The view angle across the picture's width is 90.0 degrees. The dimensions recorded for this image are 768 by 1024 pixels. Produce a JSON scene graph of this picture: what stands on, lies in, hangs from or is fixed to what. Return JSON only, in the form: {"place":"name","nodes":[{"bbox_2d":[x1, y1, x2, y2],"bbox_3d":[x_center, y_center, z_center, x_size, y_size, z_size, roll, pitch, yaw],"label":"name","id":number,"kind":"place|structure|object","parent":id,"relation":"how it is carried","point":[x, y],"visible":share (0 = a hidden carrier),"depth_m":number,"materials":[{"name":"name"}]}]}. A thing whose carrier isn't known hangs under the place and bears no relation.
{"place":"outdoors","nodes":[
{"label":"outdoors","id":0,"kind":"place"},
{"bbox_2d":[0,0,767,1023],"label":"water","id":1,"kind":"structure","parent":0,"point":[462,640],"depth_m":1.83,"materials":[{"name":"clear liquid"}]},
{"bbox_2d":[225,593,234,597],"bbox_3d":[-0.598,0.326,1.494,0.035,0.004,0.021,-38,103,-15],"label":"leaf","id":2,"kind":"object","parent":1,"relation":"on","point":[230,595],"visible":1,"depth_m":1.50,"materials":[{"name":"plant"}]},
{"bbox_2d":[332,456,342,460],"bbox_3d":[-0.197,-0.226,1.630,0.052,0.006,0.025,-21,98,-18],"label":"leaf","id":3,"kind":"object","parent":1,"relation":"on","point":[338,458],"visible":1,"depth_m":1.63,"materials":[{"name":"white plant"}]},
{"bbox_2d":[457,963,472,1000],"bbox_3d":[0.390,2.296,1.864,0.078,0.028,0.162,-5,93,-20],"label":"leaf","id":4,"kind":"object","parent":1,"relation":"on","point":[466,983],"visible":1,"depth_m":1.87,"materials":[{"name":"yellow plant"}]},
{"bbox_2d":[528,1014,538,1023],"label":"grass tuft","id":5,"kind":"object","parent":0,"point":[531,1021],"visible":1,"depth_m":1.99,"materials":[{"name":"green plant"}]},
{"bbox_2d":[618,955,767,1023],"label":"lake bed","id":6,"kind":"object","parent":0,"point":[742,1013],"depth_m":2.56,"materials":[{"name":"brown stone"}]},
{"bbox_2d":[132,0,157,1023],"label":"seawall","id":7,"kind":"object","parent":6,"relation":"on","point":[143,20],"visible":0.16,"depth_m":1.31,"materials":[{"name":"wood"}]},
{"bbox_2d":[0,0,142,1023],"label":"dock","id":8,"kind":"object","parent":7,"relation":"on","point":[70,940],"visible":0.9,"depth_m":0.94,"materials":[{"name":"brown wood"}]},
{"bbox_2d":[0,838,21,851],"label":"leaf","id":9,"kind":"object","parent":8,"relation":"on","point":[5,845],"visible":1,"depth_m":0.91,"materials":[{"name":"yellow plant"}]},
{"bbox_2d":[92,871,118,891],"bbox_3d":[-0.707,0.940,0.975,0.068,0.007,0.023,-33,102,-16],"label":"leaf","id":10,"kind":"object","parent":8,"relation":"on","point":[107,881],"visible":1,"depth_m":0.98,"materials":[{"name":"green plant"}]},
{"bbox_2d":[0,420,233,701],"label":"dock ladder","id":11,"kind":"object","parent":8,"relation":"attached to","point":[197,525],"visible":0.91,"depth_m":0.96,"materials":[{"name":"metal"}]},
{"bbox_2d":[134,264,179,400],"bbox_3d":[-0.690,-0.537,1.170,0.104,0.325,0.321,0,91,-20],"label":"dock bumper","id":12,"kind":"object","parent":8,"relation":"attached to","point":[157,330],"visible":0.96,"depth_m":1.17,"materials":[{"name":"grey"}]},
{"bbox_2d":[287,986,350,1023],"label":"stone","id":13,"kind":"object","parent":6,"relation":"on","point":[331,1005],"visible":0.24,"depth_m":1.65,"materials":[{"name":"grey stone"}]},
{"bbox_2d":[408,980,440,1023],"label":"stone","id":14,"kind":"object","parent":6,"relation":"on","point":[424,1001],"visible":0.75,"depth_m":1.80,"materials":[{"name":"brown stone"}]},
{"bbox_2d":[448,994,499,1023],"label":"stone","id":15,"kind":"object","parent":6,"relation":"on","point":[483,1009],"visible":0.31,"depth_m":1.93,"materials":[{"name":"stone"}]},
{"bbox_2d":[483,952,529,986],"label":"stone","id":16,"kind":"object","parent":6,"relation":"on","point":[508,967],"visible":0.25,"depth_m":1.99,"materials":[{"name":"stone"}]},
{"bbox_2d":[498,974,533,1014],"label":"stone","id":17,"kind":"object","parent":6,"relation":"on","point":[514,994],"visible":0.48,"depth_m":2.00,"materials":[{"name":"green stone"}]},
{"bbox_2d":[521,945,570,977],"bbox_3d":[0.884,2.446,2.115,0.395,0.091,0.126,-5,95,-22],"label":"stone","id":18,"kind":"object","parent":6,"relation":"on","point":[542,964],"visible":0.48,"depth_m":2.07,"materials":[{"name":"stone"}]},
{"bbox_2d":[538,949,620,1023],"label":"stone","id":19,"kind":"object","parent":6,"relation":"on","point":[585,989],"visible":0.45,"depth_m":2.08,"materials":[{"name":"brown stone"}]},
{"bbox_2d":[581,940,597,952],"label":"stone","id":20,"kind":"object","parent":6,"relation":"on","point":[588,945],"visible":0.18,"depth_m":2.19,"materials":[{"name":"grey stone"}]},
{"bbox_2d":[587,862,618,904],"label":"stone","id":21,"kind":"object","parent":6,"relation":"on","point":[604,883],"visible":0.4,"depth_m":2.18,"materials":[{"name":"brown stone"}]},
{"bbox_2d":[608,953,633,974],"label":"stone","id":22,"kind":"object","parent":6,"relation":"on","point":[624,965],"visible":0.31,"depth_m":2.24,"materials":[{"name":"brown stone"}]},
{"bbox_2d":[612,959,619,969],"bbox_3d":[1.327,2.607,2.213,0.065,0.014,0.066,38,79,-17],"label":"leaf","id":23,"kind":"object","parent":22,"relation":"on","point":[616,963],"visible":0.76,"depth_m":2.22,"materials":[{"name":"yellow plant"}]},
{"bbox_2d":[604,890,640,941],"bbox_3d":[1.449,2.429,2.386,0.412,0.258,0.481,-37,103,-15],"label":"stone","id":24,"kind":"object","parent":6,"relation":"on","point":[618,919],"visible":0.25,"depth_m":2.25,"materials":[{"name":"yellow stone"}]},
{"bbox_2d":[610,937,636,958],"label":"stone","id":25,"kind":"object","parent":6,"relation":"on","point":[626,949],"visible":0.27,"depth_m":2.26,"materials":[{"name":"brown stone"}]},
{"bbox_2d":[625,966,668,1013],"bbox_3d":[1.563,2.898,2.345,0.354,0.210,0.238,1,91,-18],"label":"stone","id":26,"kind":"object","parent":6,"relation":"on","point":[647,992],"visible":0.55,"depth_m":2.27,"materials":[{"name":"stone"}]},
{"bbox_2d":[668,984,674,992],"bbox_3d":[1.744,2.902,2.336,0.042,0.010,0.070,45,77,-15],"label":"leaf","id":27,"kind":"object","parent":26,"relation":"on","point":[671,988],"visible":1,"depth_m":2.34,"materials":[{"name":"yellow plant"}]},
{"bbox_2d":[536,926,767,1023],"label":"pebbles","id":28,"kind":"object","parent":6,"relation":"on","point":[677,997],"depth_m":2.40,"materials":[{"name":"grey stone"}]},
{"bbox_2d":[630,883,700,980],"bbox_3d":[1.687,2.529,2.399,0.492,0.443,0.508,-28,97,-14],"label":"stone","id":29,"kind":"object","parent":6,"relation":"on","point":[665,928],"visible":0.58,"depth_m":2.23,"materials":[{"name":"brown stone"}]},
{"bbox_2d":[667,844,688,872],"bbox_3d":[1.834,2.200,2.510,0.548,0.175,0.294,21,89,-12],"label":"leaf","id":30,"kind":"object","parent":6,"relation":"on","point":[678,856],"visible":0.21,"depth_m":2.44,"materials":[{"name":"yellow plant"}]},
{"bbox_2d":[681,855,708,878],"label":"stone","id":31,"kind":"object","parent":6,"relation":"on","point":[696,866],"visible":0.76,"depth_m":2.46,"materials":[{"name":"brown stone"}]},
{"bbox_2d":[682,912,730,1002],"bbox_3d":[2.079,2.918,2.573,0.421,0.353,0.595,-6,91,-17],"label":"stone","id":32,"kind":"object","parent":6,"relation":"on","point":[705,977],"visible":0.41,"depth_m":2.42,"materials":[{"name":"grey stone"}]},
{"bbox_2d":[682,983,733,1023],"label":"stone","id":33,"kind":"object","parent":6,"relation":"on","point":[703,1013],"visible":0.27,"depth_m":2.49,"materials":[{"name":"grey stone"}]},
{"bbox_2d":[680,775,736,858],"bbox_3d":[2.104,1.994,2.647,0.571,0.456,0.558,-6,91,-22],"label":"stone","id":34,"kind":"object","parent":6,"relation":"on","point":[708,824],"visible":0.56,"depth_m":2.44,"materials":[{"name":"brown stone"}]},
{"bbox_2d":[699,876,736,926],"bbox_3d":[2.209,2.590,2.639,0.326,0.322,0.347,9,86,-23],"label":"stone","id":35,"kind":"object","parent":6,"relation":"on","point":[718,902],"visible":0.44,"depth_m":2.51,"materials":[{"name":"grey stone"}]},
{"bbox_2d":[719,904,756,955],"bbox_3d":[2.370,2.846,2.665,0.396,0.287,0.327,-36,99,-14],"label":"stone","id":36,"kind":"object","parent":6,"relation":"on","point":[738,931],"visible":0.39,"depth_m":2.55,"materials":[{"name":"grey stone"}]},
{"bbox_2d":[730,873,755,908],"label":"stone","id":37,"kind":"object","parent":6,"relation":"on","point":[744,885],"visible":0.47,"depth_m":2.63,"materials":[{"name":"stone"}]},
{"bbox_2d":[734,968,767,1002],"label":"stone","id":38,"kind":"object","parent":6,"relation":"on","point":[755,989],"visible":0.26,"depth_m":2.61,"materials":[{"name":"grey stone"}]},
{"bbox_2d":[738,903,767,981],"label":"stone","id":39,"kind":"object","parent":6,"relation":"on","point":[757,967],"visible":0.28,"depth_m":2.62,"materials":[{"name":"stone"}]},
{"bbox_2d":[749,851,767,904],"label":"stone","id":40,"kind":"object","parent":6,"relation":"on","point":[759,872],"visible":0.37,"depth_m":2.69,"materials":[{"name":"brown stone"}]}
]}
+++++
# TO DO:
Search the records for the word "outdoors" and return every line that holds it.

# WRITTEN ANSWER:
{"place":"outdoors","nodes":[
{"label":"outdoors","id":0,"kind":"place"},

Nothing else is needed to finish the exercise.